SELECT AJ.JOB_NAME,‑‑ THE NAME OF THE JOB THAT IS HELD
   AJ.TEMPORARY_STORAGE, ‑‑ THE NON‑SQE TEMPORARY STORAGE THAT IS ALLOCATED TO THE JOB
   JI.MAXIMUM_TEMPORARY_STORAGE_ALLOWED, ‑‑ THE CURRENT VALUE OF MAXTMPSTG FOR THE JOB
   (SELECT INFO.V_SQL_STATEMENT_TEXT ‑‑ THE CURRENLY RUNNING SQL STATEMENT. 
    FROM TABLE(QSYS2.GET_JOB_INFO(AJ.JOB_NAME)) AS INFO
 WHERE INFO.V_SQL_STMT_STATUS='ACTIVE') AS ACTIVE_SQL_STATEMENT
FROM 
   TABLE(QSYS2.ACTIVE_JOB_INFO()) AJ 
 INNER JOIN 
   TABLE(QSYS2.JOB_INFO(JOB_STATUS_FILTER=>'ACTIVE', JOB_USER_FILTER=>'ALL')) JI 
 ON AJ.JOB_NAME=JI.JOB_NAME 
WHERE AJ.JOB_STATUS = 'HLD' ‑‑ ONLY SELECT JOBS THAT ARE HELD
 AND AJ. JOB_TYPE <> 'SYS' ‑‑ AND ARE NOT SYSTEM JOBS
 AND EXISTS (‑‑ AND THAT HAVE A CPI112E (MAXTMPSTG EXCEEDED) WITHIN THE
 SELECT '*' ‑‑ LAST 5 MESSAGES IN THE JOB LOG.
 FROM TABLE(QSYS2.JOBLOG_INFO(AJ.JOB_NAME)) AS JLI1 
 WHERE MESSAGE_ID = 'CPI112E'
 AND ORDINAL_POSITION + 5 >  
 (SELECT MAX (ORDINAL_POSITION) 
 FROM TABLE(QSYS2.JOBLOG_INFO(AJ.JOB_NAME)) AS JLI2) 
);
 

Or you may want to get a historical perspective. Listing 4 shows how to query QSYSOPR to find out all the jobs that have been held today because they reached the MAXTMPSTG limit. Note that both Listing 3 and Listing 4 return all jobs held for excessive temporary storage; they do not distinguish those stopped due to the earlier MAXTMPSTG behavior and those stopped because of the new SQE temporary storage protection.
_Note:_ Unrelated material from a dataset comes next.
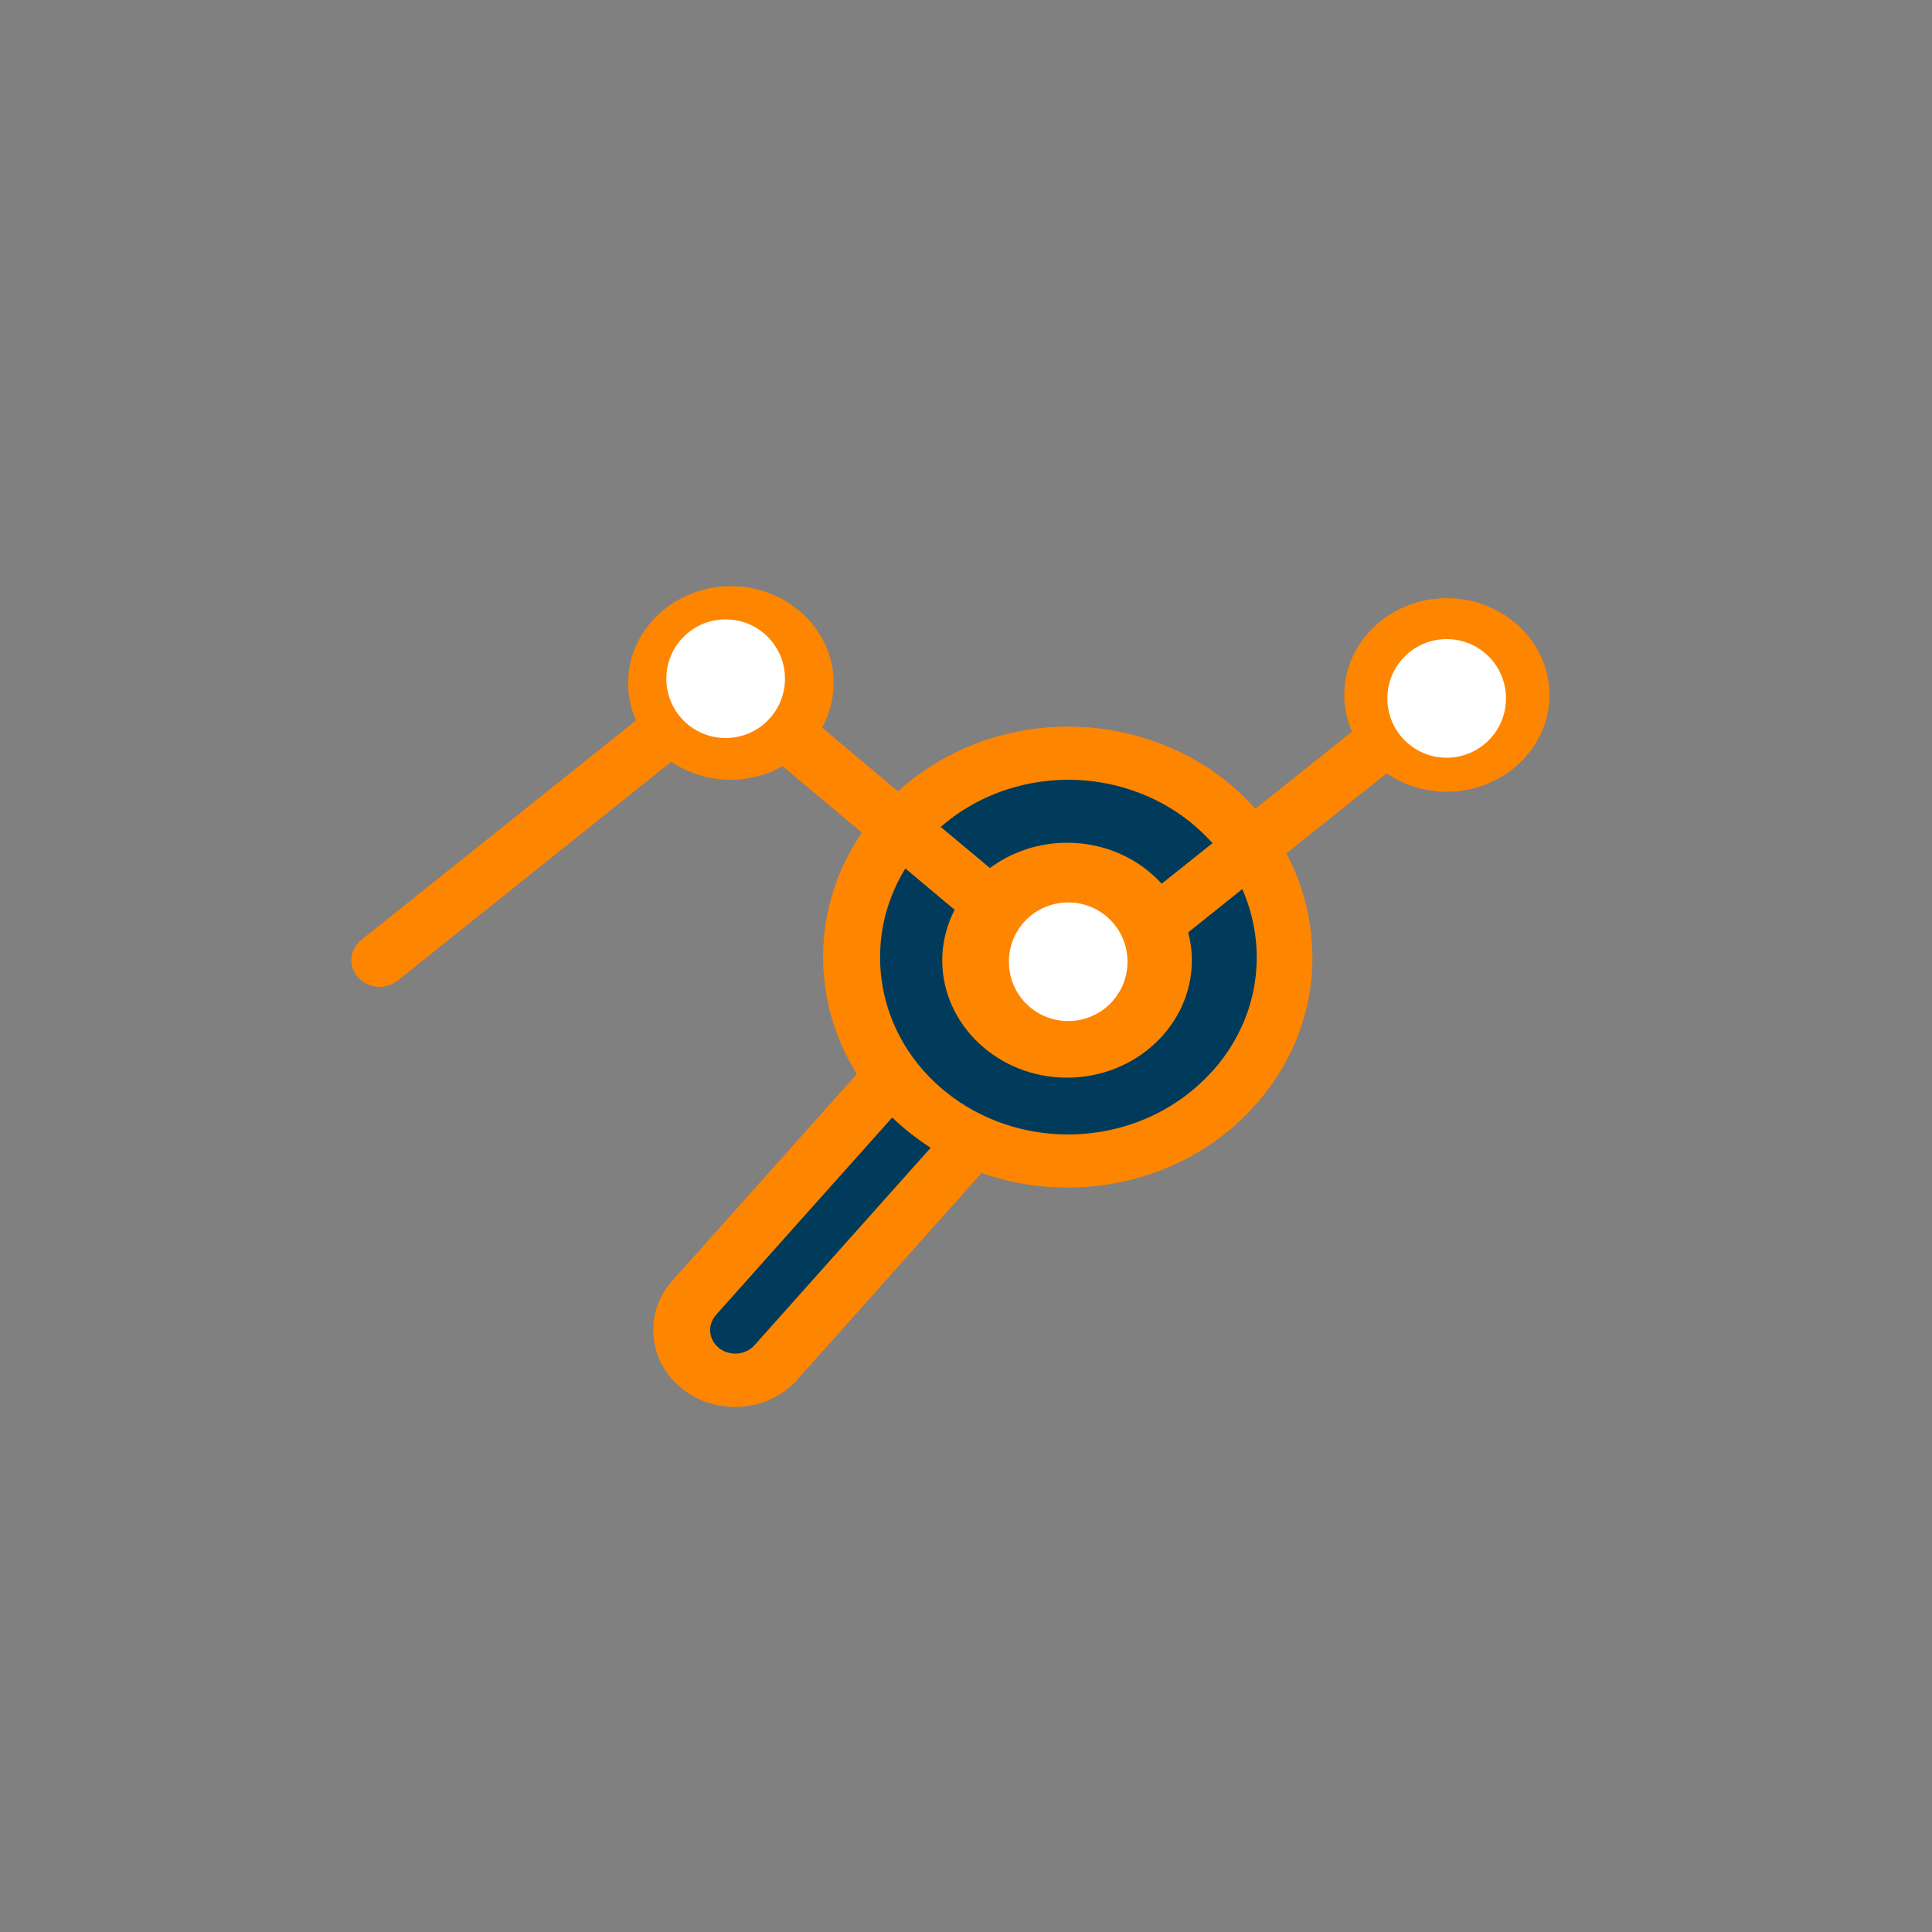 <?xml version="1.0" encoding="UTF-8"?><svg xmlns="http://www.w3.org/2000/svg" viewBox="0 0 100 100"><rect x="0" y="0" width="100" height="100" fill="#808080" stroke="none"/><defs><style>.c{fill:#003b5c;}.d{fill:#fe8500;}.e{fill:#fff;}</style></defs><g id="a"/><g id="b"><g><path class="d" d="M74.9,30.96c-2.94,0-5.32,2.25-5.32,5.01,0,.67,.14,1.31,.4,1.9l-5,3.99c-.47-.52-.98-1.01-1.54-1.46-2.28-1.8-5.17-2.79-8.15-2.79-3.31,0-6.45,1.21-8.81,3.35l-3.93-3.3c.38-.69,.6-1.48,.6-2.31,0-2.76-2.39-5.01-5.32-5.01s-5.32,2.25-5.32,5.01c0,.69,.15,1.34,.41,1.94l-14.22,11.36c-.61,.49-.69,1.36-.17,1.94,.29,.32,.7,.49,1.11,.49,.34,0,.67-.11,.95-.33l14.15-11.32c.87,.58,1.93,.93,3.07,.93,.99,0,1.91-.26,2.7-.7l4.1,3.44c-2.62,3.83-2.64,8.68-.26,12.49l-9.55,10.7c-.73,.81-1.07,1.84-.97,2.9,.1,1.06,.63,2.02,1.49,2.7,.77,.61,1.72,.93,2.71,.93,.12,0,.25,0,.37-.01,1.12-.09,2.14-.59,2.87-1.4l9.54-10.7c1.41,.5,2.91,.76,4.44,.76,3.76,0,7.3-1.55,9.71-4.26,2.18-2.44,3.22-5.53,2.92-8.71-.14-1.53-.59-2.99-1.3-4.33l5.19-4.14c.87,.6,1.95,.95,3.11,.95,2.93,0,5.32-2.25,5.32-5.01s-2.39-5.01-5.32-5.01"/><path class="c" d="M55.29,40.36c2.29,0,4.51,.76,6.27,2.15,.44,.35,.83,.73,1.2,1.13l-2.63,2.1c-1.19-1.3-2.94-2.12-4.89-2.12-1.51,0-2.9,.49-4,1.31l-2.55-2.13c1.79-1.56,4.14-2.44,6.61-2.44"/><path class="c" d="M39.05,69.63c-.22,.25-.54,.4-.88,.43-.34,.02-.68-.07-.95-.28-.26-.21-.43-.51-.46-.83-.03-.32,.08-.64,.3-.89l9.12-10.22c.3,.29,.62,.57,.95,.83,.34,.26,.68,.51,1.04,.74l-9.12,10.22Z"/><path class="c" d="M62.75,55.44c-1.86,2.08-4.58,3.28-7.47,3.28-2.29,0-4.51-.76-6.26-2.15-3.67-2.9-4.49-7.83-2.16-11.62l2.55,2.14c-.4,.79-.64,1.68-.64,2.61,0,3.35,2.9,6.08,6.46,6.08s6.46-2.73,6.46-6.08c0-.5-.07-.98-.19-1.44l2.8-2.24c.38,.86,.62,1.77,.71,2.72,.23,2.44-.57,4.82-2.25,6.7"/><path class="e" d="M55.29,52.85c1.69,0,3.07-1.37,3.07-3.07s-1.37-3.07-3.07-3.07-3.07,1.37-3.07,3.07,1.37,3.07,3.07,3.07"/><path class="e" d="M74.88,39.22c1.69,0,3.07-1.37,3.07-3.07s-1.37-3.07-3.07-3.07-3.07,1.37-3.07,3.07,1.37,3.07,3.07,3.07"/><path class="e" d="M37.56,38.2c1.69,0,3.07-1.37,3.07-3.07s-1.37-3.07-3.07-3.07-3.07,1.37-3.07,3.07,1.37,3.07,3.07,3.07"/></g></g></svg>

Listing 4. Find jobs held today due to MAXTMPSTG protection

SELECT SUBSTR(MESSAGE_TEXT, 5, 23) AS HELD_JOB,
        A.* FROM QSYS2.MESSAGE_QUEUE_INFO A
      WHERE MESSAGE_QUEUE_NAME = 'QSYSOPR' AND 
            MESSAGE_QUEUE_LIBRARY = 'QSYS' AND
            MESSAGE_ID = 'CPI112E' AND
            DATE(MESSAGE_TIMESTAMP) = CURRENT DATE
      ORDER BY MESSAGE_TIMESTAMP DESC;

As you evaluate your existing configuration, remember that in releases after IBM i 7.3, the database will not use QSTGLOWLMT as a condition for enforcing MAXTMPSTG. If you currently use temporary storage limits, now is the time to start evaluating whether those limits need to be raised to accommodate SQE temporary storage allocations.

Full steam ahead

Quick thinking, web-shooters, and super-human strength enabled Spider-Man to save a train full of terrified passengers. Your “super-powers” may be less glamorous but they are no less essential for keeping your systems running well. With the recent enhancements from the Db2 for i team and the information in this series of articles, you have more tools to diagnose, solve, and—most importantly—prevent serious systems emergencies.